沈昌文驾轻就熟地把瓷碗放在正前方的地上,接着,不卑不亢地站定以后,手一举,将短笛横于唇前。
曲声奏响,悠扬而起,如烟慢卷。
他兀自吹着,任四周人声鼎沸。
渐渐的,笛音竟不断盖过杂声,连坐在尽头江边的我也能清晰可闻其圆融绵长,稳而悦耳。
到最后,仿佛江风静止,蛙声不鸣,街上人也寂寂,耳畔只余笛音。
一曲终了,掌声贯耳,江波再泛涟漪,蛙鸣复乱高叫,几毛钱的硬币纸币一个个落进他面前的碗中。
他用赚到的小钱,请我吃了一顿宵夜。
那顿夜宵,我把汤汁都喝到瓷碗见底。
多少年过去,颇为难过的是,我再没吃过比那晚更美味的汤面了。
“说起来,沈老师也在江城大学读过书吗,这么说,我们是校友咯?”
昨儿我把他给坑到被大组长请去喝茶,对他有愧,便是没脸攀亲近,只得等今日才来问个明白。

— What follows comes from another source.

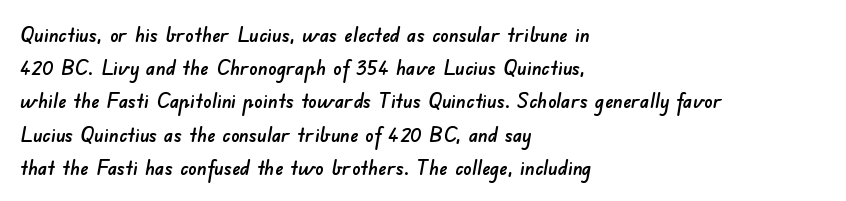
The image shows 21 px text type; set left-aligned, normal line spacing (1.58x), normal letter spacing, not underlined.
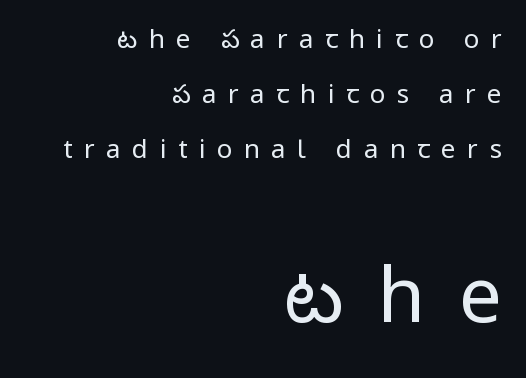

他原本也在透过玻璃圆顶仰望夜空,听我问他,颇为意外地梗了下脖子,而后,不咸不淡地“嗯”了一声。
我看向他的目光中多了几分疑惑与探究:“沈老师今年五一有回去过吗,我看95,96级有组织同学聚会?”
“同学聚会吗,你是说人文学院的吧?”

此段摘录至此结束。